ID: 2613322 • Letter: 1

Question

1-How does compound interest differ from simple interest?

2-What happens to a future value if you increase (decrease) the interest rate? Explain why.

3-What happens to a present value if you increase (decrease) the discount rate? Explain why.

4-As you increase (decrease) the length of time involved, what happens to future values? Explain why.

5-As you increase (decrease) the length of time involved, what happens to present values? Explain why.

6-What do we mean by discounted cash flow (DCF) valuation?

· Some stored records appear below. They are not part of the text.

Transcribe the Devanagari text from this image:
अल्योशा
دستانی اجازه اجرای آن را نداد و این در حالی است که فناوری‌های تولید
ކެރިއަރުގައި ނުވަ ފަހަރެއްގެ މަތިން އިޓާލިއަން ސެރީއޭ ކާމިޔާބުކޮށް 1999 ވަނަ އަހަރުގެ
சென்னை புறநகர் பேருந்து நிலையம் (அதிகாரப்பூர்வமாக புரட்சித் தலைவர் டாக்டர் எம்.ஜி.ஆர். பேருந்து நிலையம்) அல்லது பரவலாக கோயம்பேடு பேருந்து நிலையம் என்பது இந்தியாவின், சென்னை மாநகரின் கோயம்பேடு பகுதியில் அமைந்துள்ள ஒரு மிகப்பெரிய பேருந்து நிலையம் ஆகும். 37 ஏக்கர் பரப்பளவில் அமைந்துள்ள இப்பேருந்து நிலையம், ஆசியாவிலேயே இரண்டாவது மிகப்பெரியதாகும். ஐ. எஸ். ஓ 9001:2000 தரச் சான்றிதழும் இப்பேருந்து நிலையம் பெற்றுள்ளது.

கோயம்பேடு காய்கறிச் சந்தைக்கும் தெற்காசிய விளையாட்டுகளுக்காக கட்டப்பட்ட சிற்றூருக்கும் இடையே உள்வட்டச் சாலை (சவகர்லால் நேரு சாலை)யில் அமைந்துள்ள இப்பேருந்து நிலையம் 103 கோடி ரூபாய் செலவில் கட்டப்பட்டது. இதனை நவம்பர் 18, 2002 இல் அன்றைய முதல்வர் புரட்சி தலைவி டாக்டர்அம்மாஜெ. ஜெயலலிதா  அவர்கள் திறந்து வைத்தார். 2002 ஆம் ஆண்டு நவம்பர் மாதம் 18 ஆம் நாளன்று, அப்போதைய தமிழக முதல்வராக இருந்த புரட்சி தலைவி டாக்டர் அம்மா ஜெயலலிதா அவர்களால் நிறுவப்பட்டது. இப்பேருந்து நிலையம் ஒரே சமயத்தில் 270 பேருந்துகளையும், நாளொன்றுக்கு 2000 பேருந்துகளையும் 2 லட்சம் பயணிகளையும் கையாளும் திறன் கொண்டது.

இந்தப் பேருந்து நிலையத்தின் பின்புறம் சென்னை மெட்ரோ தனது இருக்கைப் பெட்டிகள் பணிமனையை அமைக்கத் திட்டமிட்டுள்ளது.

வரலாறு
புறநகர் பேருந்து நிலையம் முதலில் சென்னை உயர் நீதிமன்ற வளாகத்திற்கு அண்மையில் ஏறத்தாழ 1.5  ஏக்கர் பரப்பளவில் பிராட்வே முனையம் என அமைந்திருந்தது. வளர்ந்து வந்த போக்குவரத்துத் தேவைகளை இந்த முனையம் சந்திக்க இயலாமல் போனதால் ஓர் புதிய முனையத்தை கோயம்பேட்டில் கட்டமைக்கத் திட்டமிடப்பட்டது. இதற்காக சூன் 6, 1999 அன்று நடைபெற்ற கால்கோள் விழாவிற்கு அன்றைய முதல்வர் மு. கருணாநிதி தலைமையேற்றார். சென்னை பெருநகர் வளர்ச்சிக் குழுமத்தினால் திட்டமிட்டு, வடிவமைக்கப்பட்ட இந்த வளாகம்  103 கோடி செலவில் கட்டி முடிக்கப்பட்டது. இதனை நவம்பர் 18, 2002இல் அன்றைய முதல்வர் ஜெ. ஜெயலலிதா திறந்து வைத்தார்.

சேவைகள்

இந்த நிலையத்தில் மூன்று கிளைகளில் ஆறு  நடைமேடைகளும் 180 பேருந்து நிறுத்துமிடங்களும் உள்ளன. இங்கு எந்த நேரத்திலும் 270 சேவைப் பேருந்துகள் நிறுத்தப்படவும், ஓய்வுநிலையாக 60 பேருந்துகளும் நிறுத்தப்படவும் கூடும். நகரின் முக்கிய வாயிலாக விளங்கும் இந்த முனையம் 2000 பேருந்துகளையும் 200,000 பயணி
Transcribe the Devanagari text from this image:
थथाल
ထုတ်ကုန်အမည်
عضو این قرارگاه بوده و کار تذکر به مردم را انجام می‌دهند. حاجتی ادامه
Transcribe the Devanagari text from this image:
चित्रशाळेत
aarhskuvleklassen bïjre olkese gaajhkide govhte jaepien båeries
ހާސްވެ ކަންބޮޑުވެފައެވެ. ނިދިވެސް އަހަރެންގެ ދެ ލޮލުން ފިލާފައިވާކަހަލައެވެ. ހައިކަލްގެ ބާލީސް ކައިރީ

7-What is the basic present value equation?

8-What is the Rule of 72?

9-Why would you be willing to pay someone $25.00 today in exchange for their promise to pay you back four times that amount ($100.00) in 30 years?

10-If you were willing to pay $25.00 today in exchange for $100 in 30 years from now, what important things must you consider in agreeing to accept this investment? Would your acceptance of this investment depend on who is making the promise to pay you in 30 years?

Explanation / Answer

Compound interest assumes that interest earned is again re-invested at coupon rate. It gives compounding affect for interest.

Ex: compounding interest for 3 months = $1,000×[(1+10%)^3-1] = $331

Simple interest is the interest earned per period. It does not assume re-investment of interest earned.